Fairness is a good thing to begin upon, if you must, because it is, after all, not itself darkness; it even seems to have been created for this reason: if one cannot love, one can at least be fair. But it is not — oh, do not be tempted to think — even bright enough in that spot to tell where a stone landed if you tossed one casually from you. It isn't that bright. But you will make out your hand, so that you may see what it does. And that is a start.

But how is Good satisfied in that? Fairness demands its own rights; it is not selfless. It allows; it does not give. It begrudges; it does not delight. It is exacting; it is not generous. It is harsh; it is not merciful. It is mechanical; not gracious. It is mathematical; not beautiful. It is just; it is not love. Fairness measures all things in equal proportion; love gives all things without reserve.

Fairness cannot even be a virtue! The thing that calls you to meet the minimum requirements of the law, or of the ethics of personal relationships, is not a virtue. The thing that calls you to exceed the requirements of the law, or the demands of civil relation, is a virtue. The Decalogue, all morality, most personal grievances, and many of the world's commonest pet-peeves call for the fair, the right, the just from people. And that is good. Let it be.

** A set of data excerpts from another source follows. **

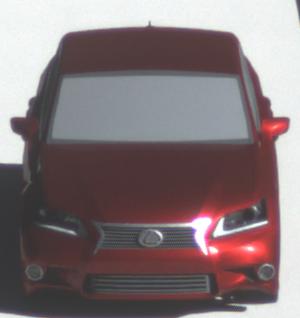
Make: Lexus
Model: GS 250
Detailed model: GS (L10)
Model produced from: 2012/06
Model produced until: 2013/12
Doors: 4
Color: red
Road condition: dry road
Daytime: morning or afternoon
Contrast: high contrast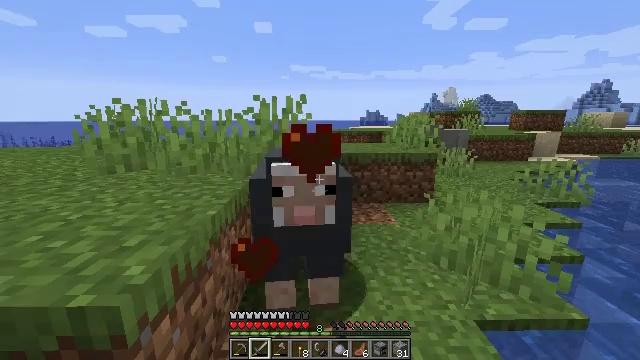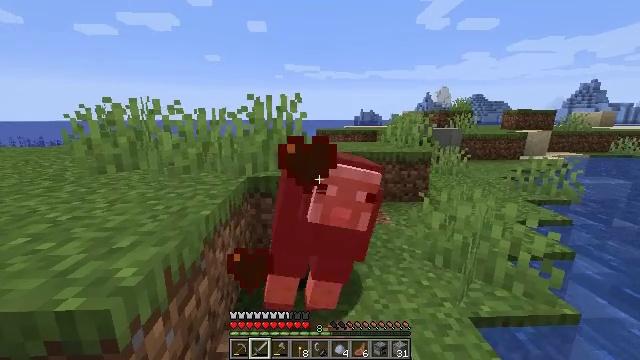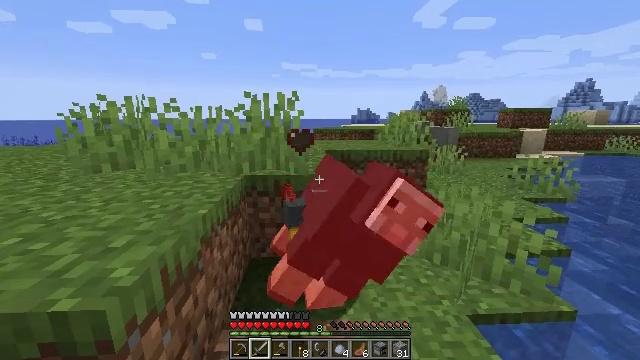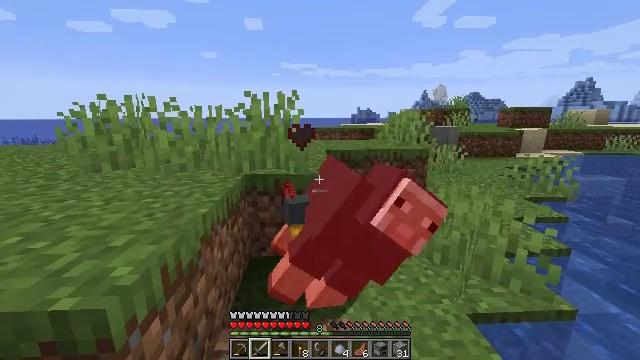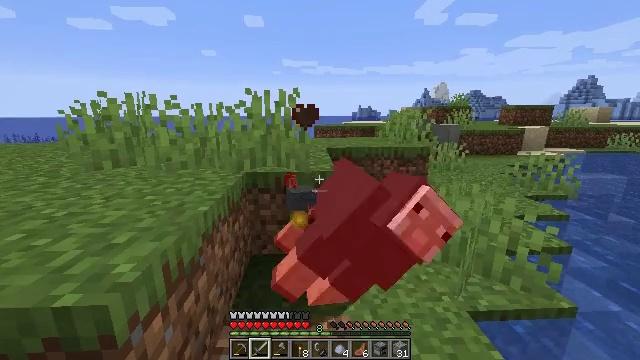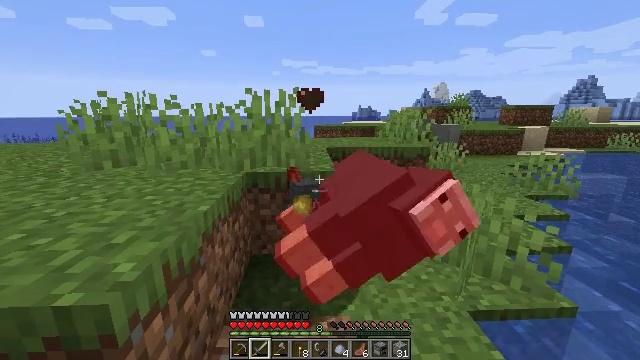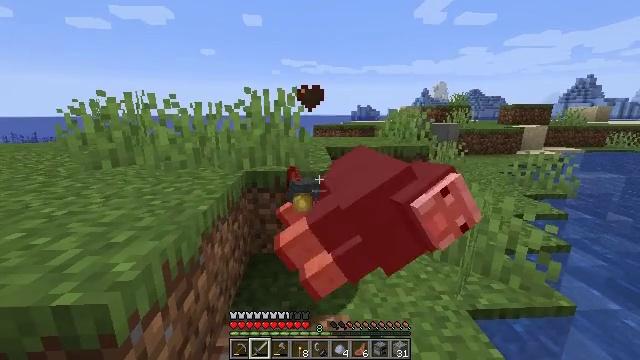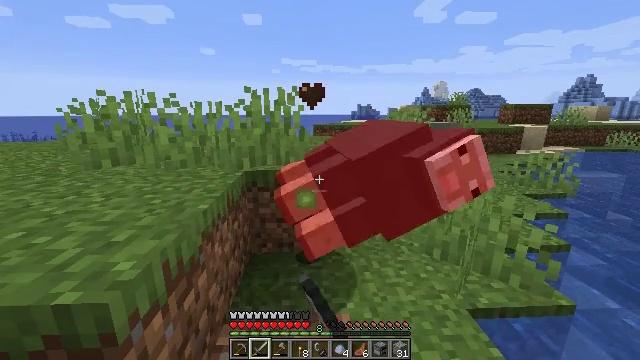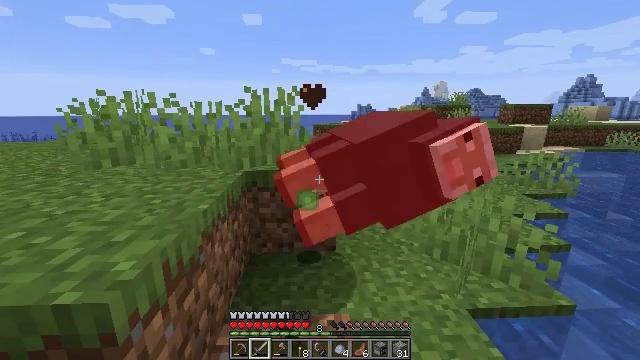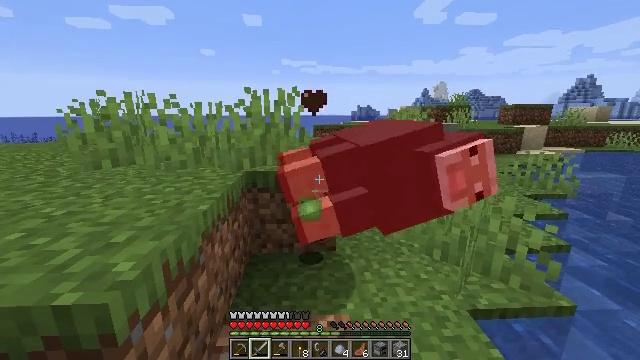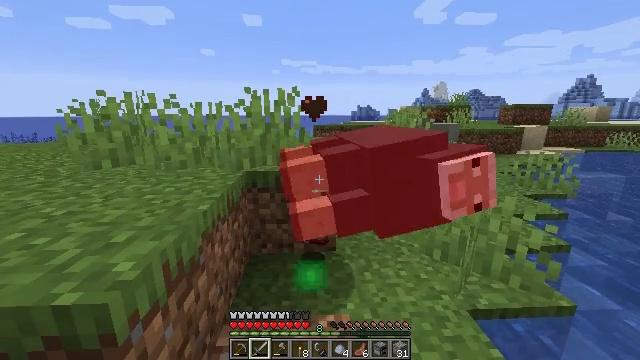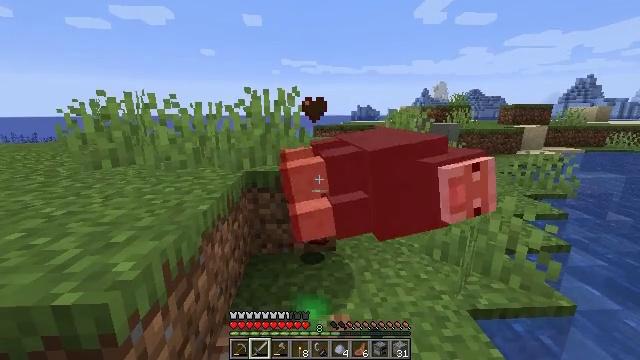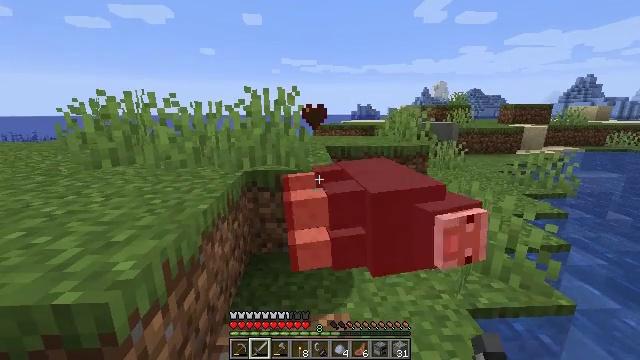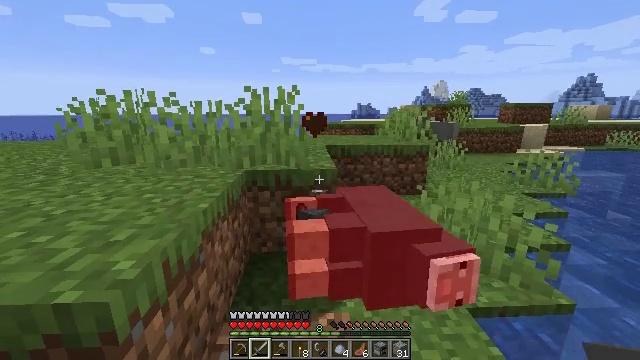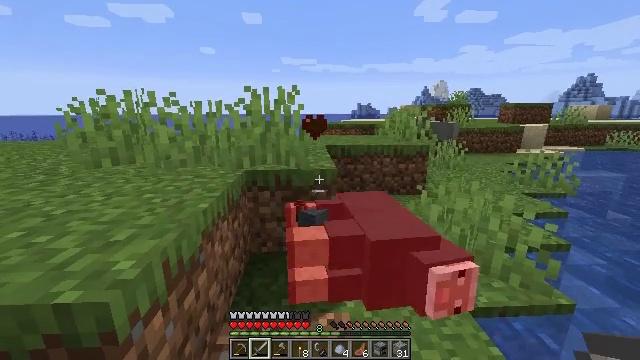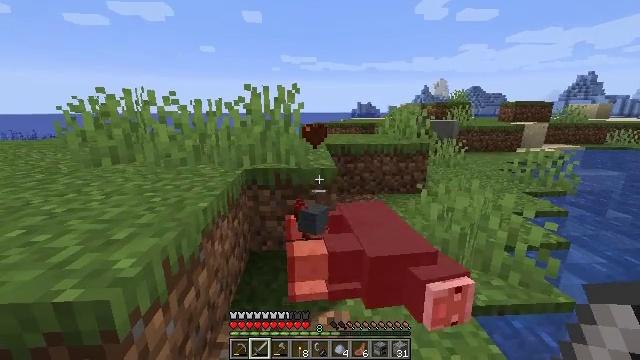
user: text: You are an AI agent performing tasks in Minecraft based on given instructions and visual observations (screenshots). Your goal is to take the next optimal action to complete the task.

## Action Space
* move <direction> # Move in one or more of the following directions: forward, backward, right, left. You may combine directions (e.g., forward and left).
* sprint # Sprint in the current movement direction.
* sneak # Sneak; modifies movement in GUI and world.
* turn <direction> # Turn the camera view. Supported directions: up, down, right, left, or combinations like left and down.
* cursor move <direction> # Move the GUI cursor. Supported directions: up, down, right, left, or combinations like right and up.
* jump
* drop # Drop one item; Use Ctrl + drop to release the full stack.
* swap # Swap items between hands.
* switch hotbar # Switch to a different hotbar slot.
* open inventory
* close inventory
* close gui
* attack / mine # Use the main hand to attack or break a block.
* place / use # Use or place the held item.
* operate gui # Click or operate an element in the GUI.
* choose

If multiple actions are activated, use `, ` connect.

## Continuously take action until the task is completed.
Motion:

But if all God wanted was for everything to be just just, then biological robots would have been the sure-bet inhabits of this Earth. Something is given, something of exact value is paid back; a deed done for another, and a deed precisely it's twin in return; an action, and a directly proportional reaction — these are the ways of gears and levers and physics, dull grays and metallic clanks, not lovers.

Above all things, be a lover. Give freely. Be unscrupulously merciful. Allow the beauty of people loving each other without claiming rights, without holding expectations, without demands, agendas, and manipulations — loving and moving and giving and deferring — remind you of dance. Let it remind you of art and other things robots cannot do. Let it remind you that there are greater things than to be merely lawful, to have merely your rights, to pursue merely wages.

If you see even the Bible tell you "Do what is right," remember that it goes on to say, "Above all, love." John said, "This is how we know who the children of God are and who the children of the devil are: Those who do not do what is right are not God’s children; nor are those who do not love their brothers and sisters." Yes, do what is right, but do not stop there. God's children are found doing right, certainly. But they are found doing much more than that! Love always does what is better than merely right. It is at least right. If love is "not against the Law," and it "fulfills the Law," and it is "the greatest," then there can never be a time in which it is a wrong decision to do what is loving and gracious over what is fair and just.

But remember, when you are trying to love, to expect to find yourself attempting to make an alloy of love and fairness. It's easy to reason yourself into loving only those who love you in return. But that's a tepid, weak love, not in the pattern of God's unconditional love, which is a wild, fiery, potent thing. So Jesus said, "If you love those who love you, what credit is that to you? Even sinners love those who love them."

But then, there are also times so momentous that to choose to do what is fair, rather than to do what is love, is to keep your friend, or enemy, or husband, or daughter, back on the line in the twilight beside yourself — a critical opportunity missed to pierce through the haze with the light and step forward with them into a new day. You think your nagging someone to do what is right — to do what is their just portion — or your demands for fair treatment and equal work will accomplish your goals? You are sadly mistaken. Fairness may be moral, but it doesn't inspire anyone to do anything. Oh, maybe on this occasion or that, something may get done out of resentment, guilt, or shame...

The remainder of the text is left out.